The case for short context + RAG: For tasks involving a large corpus where only a fraction is needed per query, RAG is more precise, more cost-efficient, and often more accurate. Retrieving the right 5 pages from a 500-page manual is faster, cheaper, and less likely to cause "lost in the middle" degradation than injecting all 500 pages.

The practical answer: Use the smallest context that reliably supports the task. Long context windows are a safety net — not a license to abandon context discipline.


3.6   Strategies for Context Management

Context management is the closest agentic programming has to memory management in traditional systems.

Chunking: Break large documents into smaller, semantically coherent pieces that can be independently retrieved. Chunk size is a tunable parameter — chunks too small lose context; chunks too large dilute precision.

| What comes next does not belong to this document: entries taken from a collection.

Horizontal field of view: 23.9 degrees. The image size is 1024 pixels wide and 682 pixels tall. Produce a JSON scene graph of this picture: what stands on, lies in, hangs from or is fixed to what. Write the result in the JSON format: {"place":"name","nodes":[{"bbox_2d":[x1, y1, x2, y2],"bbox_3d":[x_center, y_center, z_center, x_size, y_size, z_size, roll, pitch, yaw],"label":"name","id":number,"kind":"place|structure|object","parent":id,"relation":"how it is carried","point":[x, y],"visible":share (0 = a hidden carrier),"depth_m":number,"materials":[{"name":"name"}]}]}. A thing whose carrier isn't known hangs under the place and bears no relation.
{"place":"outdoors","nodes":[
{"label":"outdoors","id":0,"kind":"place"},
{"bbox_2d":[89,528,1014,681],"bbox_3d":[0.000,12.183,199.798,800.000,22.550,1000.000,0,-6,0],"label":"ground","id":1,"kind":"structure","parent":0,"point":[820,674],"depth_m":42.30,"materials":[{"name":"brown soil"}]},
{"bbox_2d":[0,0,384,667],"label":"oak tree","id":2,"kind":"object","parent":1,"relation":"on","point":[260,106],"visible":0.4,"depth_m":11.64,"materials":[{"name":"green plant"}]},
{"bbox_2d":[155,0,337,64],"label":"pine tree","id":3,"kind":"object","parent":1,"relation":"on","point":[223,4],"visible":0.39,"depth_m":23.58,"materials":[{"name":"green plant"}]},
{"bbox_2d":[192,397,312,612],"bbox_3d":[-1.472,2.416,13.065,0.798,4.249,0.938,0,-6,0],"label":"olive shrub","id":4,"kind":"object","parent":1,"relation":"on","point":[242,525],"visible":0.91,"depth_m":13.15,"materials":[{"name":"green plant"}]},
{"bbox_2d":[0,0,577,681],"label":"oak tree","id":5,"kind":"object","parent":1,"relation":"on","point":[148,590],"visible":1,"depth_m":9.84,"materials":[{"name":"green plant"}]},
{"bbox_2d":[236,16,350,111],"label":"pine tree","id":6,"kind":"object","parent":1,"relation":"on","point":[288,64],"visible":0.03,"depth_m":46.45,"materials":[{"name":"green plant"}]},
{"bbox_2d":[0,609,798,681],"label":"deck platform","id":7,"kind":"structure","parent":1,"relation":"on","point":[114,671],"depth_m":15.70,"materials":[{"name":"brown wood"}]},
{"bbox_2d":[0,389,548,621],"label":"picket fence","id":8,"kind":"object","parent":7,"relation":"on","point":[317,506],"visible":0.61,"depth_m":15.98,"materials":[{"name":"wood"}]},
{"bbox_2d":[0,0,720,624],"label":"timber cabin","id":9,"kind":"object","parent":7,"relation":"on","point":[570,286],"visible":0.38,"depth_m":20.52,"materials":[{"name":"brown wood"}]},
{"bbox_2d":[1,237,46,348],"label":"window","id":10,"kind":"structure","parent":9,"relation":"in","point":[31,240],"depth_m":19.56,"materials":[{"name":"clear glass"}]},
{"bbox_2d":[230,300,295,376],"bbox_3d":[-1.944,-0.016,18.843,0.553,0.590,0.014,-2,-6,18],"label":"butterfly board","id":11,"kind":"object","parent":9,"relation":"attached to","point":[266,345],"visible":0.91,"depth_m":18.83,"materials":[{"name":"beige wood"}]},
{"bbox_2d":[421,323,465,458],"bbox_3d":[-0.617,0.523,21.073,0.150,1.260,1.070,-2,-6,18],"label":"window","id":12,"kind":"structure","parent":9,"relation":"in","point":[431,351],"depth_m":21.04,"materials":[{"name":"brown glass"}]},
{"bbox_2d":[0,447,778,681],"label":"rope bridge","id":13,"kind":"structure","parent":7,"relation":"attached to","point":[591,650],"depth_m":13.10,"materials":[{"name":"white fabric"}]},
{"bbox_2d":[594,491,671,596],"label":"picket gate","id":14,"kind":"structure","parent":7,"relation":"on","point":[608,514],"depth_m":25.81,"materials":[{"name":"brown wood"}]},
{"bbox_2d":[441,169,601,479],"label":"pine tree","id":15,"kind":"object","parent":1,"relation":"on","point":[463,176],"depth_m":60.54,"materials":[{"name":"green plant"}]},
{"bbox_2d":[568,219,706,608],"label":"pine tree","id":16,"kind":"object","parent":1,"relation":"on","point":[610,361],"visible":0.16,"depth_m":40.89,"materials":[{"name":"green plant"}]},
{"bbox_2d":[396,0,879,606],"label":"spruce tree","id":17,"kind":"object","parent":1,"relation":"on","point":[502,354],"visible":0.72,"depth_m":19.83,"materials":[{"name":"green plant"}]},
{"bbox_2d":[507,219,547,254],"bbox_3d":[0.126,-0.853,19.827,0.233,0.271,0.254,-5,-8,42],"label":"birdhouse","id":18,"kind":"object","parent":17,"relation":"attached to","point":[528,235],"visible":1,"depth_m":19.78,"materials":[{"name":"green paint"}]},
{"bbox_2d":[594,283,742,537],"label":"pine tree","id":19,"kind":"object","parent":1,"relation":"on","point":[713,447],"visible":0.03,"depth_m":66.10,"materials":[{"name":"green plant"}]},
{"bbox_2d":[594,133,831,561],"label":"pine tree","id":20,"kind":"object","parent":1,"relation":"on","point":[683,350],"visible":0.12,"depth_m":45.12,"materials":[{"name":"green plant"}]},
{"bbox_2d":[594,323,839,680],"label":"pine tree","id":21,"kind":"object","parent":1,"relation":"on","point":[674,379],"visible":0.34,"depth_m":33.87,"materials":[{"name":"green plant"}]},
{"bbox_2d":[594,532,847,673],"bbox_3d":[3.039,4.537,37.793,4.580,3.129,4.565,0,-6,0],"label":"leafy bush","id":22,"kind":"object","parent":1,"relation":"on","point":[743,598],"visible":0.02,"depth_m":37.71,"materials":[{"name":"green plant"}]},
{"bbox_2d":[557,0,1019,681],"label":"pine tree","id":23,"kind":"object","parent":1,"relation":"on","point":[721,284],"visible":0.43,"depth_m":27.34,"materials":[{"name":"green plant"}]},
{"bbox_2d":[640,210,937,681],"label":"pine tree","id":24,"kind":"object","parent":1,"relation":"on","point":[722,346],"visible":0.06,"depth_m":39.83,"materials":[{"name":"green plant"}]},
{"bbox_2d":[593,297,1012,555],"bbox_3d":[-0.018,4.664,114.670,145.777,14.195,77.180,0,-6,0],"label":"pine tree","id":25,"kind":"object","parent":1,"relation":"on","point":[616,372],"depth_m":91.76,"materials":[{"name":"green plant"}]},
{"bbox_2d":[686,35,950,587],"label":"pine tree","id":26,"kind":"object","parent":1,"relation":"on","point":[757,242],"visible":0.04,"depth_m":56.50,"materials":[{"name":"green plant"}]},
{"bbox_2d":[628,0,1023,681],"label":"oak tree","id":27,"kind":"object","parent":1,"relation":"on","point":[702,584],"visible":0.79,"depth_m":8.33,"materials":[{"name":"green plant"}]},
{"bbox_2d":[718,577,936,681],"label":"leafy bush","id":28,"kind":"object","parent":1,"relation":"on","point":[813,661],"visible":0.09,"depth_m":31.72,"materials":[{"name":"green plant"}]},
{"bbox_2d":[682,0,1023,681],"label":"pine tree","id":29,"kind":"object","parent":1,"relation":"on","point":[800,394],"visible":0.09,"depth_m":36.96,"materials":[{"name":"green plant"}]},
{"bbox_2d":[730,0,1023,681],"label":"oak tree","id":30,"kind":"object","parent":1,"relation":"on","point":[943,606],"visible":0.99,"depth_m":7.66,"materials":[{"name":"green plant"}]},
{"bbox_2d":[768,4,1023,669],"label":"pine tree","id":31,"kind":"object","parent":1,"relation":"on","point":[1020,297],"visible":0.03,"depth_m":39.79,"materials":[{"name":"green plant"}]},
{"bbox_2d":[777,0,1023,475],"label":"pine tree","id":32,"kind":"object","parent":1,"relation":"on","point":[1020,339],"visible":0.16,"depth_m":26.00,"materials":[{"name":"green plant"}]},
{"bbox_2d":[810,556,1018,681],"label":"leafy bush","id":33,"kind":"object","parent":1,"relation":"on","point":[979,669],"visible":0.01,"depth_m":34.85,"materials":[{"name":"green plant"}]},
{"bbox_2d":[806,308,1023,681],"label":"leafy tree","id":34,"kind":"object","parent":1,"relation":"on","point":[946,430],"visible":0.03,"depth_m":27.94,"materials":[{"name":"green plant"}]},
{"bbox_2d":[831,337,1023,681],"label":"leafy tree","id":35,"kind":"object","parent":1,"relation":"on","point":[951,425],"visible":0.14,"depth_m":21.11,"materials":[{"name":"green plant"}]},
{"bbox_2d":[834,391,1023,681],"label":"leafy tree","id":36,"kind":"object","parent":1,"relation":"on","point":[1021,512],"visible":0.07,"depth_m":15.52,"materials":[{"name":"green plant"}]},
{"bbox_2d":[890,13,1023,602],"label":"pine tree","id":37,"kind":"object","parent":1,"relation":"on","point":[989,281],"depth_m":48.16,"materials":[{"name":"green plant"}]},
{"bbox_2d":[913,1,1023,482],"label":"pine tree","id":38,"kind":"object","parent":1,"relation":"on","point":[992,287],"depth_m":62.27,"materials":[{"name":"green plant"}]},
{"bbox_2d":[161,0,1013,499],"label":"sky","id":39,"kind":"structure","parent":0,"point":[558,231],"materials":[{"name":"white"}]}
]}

Summarization Compression: When conversation history grows too long, run a summarization call that compresses 50 previous turns into a 300-token state block. The compressed block replaces the full history in subsequent calls.

Rolling Summary Window
WINDOW_SIZE = 10
SUMMARY_TRIGGER = 20

if len(conversation_history) > SUMMARY_TRIGGER:
    oldest_turns = conversation_history[:WINDOW_SIZE]
    summary = llm.call(f"Summarize these {WINDOW_SIZE} turns:\n{oldest_turns}")
    conversation_history = (
        [{"role": "system", "content": f"[Summary]: {summary}"}]
        + conversation_history[WINDOW_SIZE:]
    )

Context Refresh: When context rot is detected (Chapter 4), start a fresh session with a compact "state handoff" prompt that includes the task objective, decisions made, data gathered, and next steps.

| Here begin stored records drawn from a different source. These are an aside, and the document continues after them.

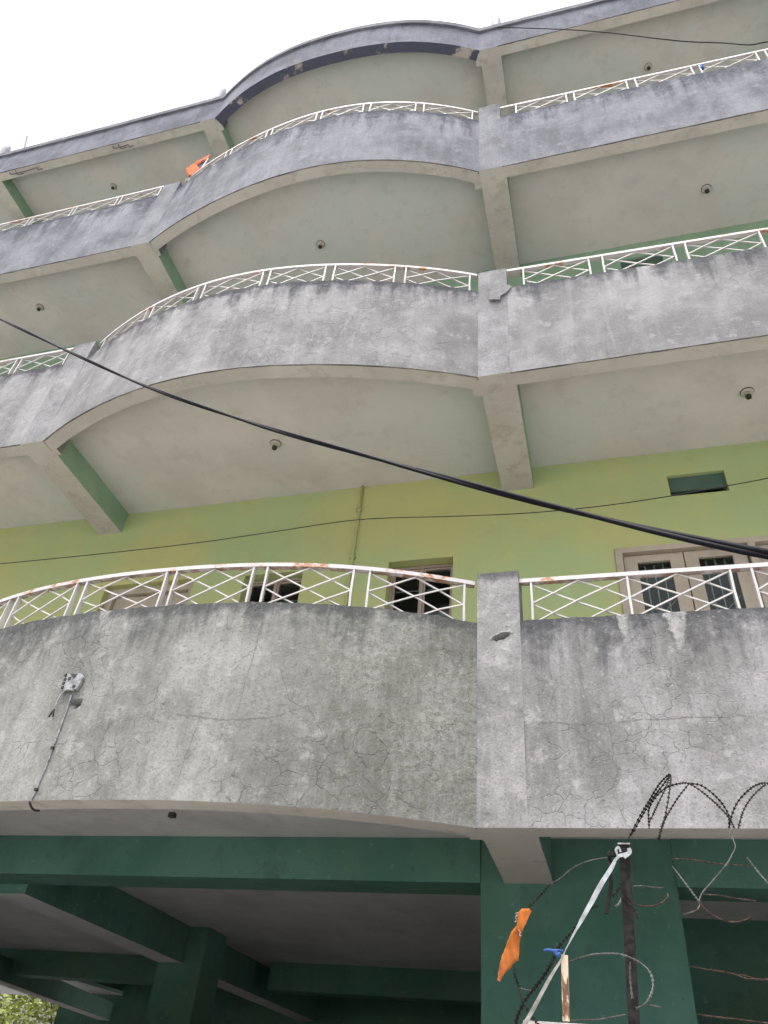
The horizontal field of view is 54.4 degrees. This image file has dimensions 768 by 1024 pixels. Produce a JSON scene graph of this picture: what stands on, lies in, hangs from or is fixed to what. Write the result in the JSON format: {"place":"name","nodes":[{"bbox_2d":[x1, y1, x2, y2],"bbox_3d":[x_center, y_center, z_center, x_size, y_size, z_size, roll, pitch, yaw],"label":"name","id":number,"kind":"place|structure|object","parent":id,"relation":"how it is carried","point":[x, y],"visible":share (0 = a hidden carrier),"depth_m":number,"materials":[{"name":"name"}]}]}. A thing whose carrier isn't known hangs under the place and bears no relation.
{"place":"outdoors","nodes":[
{"label":"outdoors","id":0,"kind":"place"},
{"bbox_2d":[0,0,590,1023],"label":"sky","id":1,"kind":"structure","parent":0,"point":[68,67],"materials":[{"name":"white"}]},
{"bbox_2d":[0,318,767,559],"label":"black cable","id":2,"kind":"object","parent":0,"point":[747,550],"visible":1,"depth_m":2.25,"materials":[{"name":"black rubber"}]},
{"bbox_2d":[0,478,767,563],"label":"thin wire","id":3,"kind":"object","parent":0,"point":[398,517],"visible":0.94,"depth_m":3.44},
{"label":"yard","id":4,"kind":"structure","parent":0,"visible":0},
{"bbox_2d":[0,0,767,1023],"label":"apartment building","id":5,"kind":"structure","parent":4,"relation":"on","point":[404,760],"depth_m":6.03,"materials":[{"name":"paint"}]},
{"bbox_2d":[0,144,10,153],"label":"roof insulator","id":6,"kind":"object","parent":5,"relation":"on","point":[5,148],"visible":0.58,"depth_m":12.41,"materials":[{"name":"white ceramic"}]},
{"bbox_2d":[36,304,43,310],"bbox_3d":[-4.404,-2.599,9.550,0.102,0.070,0.102,-6,-41,14],"label":"lamp holder","id":7,"kind":"object","parent":5,"relation":"attached to","point":[39,307],"visible":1,"depth_m":9.54,"materials":[{"name":"plastic"}]},
{"bbox_2d":[31,673,84,800],"bbox_3d":[-1.724,1.153,3.892,0.128,0.688,0.028,-6,-41,14],"label":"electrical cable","id":8,"kind":"object","parent":5,"relation":"attached to","point":[73,682],"depth_m":4.04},
{"bbox_2d":[110,183,116,189],"bbox_3d":[-4.243,-5.083,11.705,0.102,0.070,0.102,-6,-41,14],"label":"lamp holder","id":9,"kind":"object","parent":5,"relation":"attached to","point":[113,186],"visible":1,"depth_m":11.70,"materials":[{"name":"plastic"}]},
{"bbox_2d":[103,583,192,610],"bbox_3d":[-2.197,1.552,6.165,0.901,2.218,0.080,-6,-41,14],"label":"window","id":10,"kind":"structure","parent":5,"relation":"in","point":[140,593],"depth_m":6.82,"materials":[{"name":"beige paint"}]},
{"bbox_2d":[186,154,210,176],"bbox_3d":[-2.388,-4.423,9.571,0.301,0.559,0.079,-6,-41,14],"label":"orange bag","id":11,"kind":"object","parent":5,"relation":"hanging from","point":[192,169],"visible":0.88,"depth_m":9.56,"materials":[{"name":"fabric"}]},
{"bbox_2d":[215,86,226,96],"bbox_3d":[-2.513,-6.322,11.401,0.140,0.760,0.140,-6,-41,14],"label":"roof insulator","id":12,"kind":"object","parent":5,"relation":"on","point":[222,90],"visible":0.5,"depth_m":11.42,"materials":[{"name":"white ceramic"}]},
{"bbox_2d":[244,577,301,602],"bbox_3d":[-0.971,1.073,6.206,0.541,1.183,0.094,-6,-41,14],"label":"window","id":13,"kind":"structure","parent":5,"relation":"in","point":[277,586],"depth_m":6.53,"materials":[{"name":"paint"}]},
{"bbox_2d":[270,439,280,449],"bbox_3d":[-0.952,-0.575,6.519,0.102,0.070,0.102,-6,-41,14],"label":"lamp holder","id":14,"kind":"object","parent":5,"relation":"attached to","point":[275,444],"visible":1,"depth_m":6.51,"materials":[{"name":"plastic"}]},
{"bbox_2d":[316,240,324,248],"bbox_3d":[-0.726,-3.043,8.545,0.102,0.070,0.102,-6,-41,14],"label":"lamp holder","id":15,"kind":"object","parent":5,"relation":"attached to","point":[320,244],"visible":1,"depth_m":8.53,"materials":[{"name":"plastic"}]},
{"bbox_2d":[388,564,452,615],"bbox_3d":[0.287,0.936,5.888,0.541,1.193,0.094,-6,-41,14],"label":"window","id":16,"kind":"structure","parent":5,"relation":"in","point":[444,568],"depth_m":6.17,"materials":[{"name":"paint"}]},
{"bbox_2d":[491,15,500,24],"bbox_3d":[1.554,-6.725,10.339,0.140,0.690,0.140,-6,-41,14],"label":"roof insulator","id":17,"kind":"object","parent":5,"relation":"on","point":[496,19],"visible":0.43,"depth_m":10.36,"materials":[{"name":"white ceramic"}]},
{"bbox_2d":[497,27,767,45],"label":"roof wire","id":18,"kind":"object","parent":5,"relation":"hanging from","point":[640,36],"visible":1,"depth_m":8.14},
{"bbox_2d":[644,63,651,70],"bbox_3d":[3.472,-5.832,9.813,0.102,0.070,0.102,-6,-41,14],"label":"lamp holder","id":19,"kind":"object","parent":5,"relation":"attached to","point":[647,66],"visible":1,"depth_m":9.81,"materials":[{"name":"plastic"}]},
{"bbox_2d":[614,535,767,613],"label":"door","id":20,"kind":"structure","parent":5,"relation":"in","point":[629,558],"depth_m":5.49,"materials":[{"name":"beige paint"}]},
{"bbox_2d":[701,184,711,193],"bbox_3d":[3.324,-3.314,7.698,0.102,0.070,0.102,-6,-41,14],"label":"lamp holder","id":21,"kind":"object","parent":5,"relation":"attached to","point":[706,188],"visible":1,"depth_m":7.69,"materials":[{"name":"plastic"}]},
{"bbox_2d":[740,387,753,399],"bbox_3d":[2.759,-0.888,5.666,0.102,0.070,0.102,-6,-41,14],"label":"lamp holder","id":22,"kind":"object","parent":5,"relation":"attached to","point":[747,393],"visible":1,"depth_m":5.66,"materials":[{"name":"plastic"}]},
{"label":"ground","id":23,"kind":"structure","parent":0,"visible":0},
{"bbox_2d":[0,994,55,1023],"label":"tree","id":24,"kind":"object","parent":23,"relation":"on","point":[15,1006],"visible":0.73,"depth_m":18.96,"materials":[{"name":"green plant"}]},
{"bbox_2d":[6,994,58,1023],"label":"tree","id":25,"kind":"object","parent":23,"relation":"on","point":[55,1009],"visible":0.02,"depth_m":19.36,"materials":[{"name":"green plant"}]},
{"bbox_2d":[523,1020,575,1023],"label":"boundary wall","id":26,"kind":"structure","parent":23,"relation":"on","point":[533,1022],"depth_m":2.40,"materials":[{"name":"paint"}]},
{"bbox_2d":[561,954,569,1022],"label":"wooden stick","id":27,"kind":"object","parent":26,"relation":"on","point":[565,990],"visible":0.93,"depth_m":2.47,"materials":[{"name":"paint"}]},
{"bbox_2d":[543,948,563,957],"bbox_3d":[0.575,1.494,2.534,0.067,0.026,0.018,-6,-41,14],"label":"blue string","id":28,"kind":"object","parent":27,"relation":"attached to","point":[557,953],"visible":1,"depth_m":2.53,"materials":[{"name":"blue plastic"}]},
{"bbox_2d":[605,843,639,1023],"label":"iron post","id":29,"kind":"object","parent":26,"relation":"on","point":[629,933],"visible":0.9,"depth_m":2.53,"materials":[{"name":"black metal"}]},
{"bbox_2d":[522,846,631,1023],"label":"cloth strip","id":30,"kind":"object","parent":29,"relation":"attached to","point":[625,855],"visible":1,"depth_m":2.55,"materials":[{"name":"white fabric"}]},
{"bbox_2d":[513,883,660,1023],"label":"razor wire","id":31,"kind":"object","parent":29,"relation":"attached to","point":[519,987],"visible":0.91,"depth_m":2.50,"materials":[{"name":"grey metal"}]},
{"bbox_2d":[497,908,531,981],"bbox_3d":[0.448,1.481,2.562,0.124,0.226,0.028,-6,-41,14],"label":"orange rag","id":32,"kind":"object","parent":31,"relation":"hanging from","point":[510,956],"visible":1,"depth_m":2.56,"materials":[{"name":"fabric"}]},
{"bbox_2d":[550,773,767,922],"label":"razor wire","id":33,"kind":"object","parent":29,"relation":"attached to","point":[657,793],"visible":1,"depth_m":2.66,"materials":[{"name":"black metal"}]},
{"bbox_2d":[672,858,767,1023],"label":"barbed strand","id":34,"kind":"object","parent":33,"relation":"hanging from","point":[735,974],"visible":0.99,"depth_m":2.49,"materials":[{"name":"grey metal"}]}
]}

Selective Injection: The most disciplined approach — never inject data into the context "just in case." Inject only what is needed for this specific step of this specific task.


3.7   Chapter Summary

The context window is to agentic programming what RAM is to traditional computing: a fast, finite, volatile working space that shapes everything about how computation proceeds. Larger context windows reduce the urgency of context management — but they do not eliminate it. Attention quality, cost, and latency still scale with context size.

Core Principle — Chapter 3

The context window is not a dumping ground — it is a budget. Every token you add to it is a choice. Every token you leave out is also a choice. Great agentic programming is, in large part, great context management.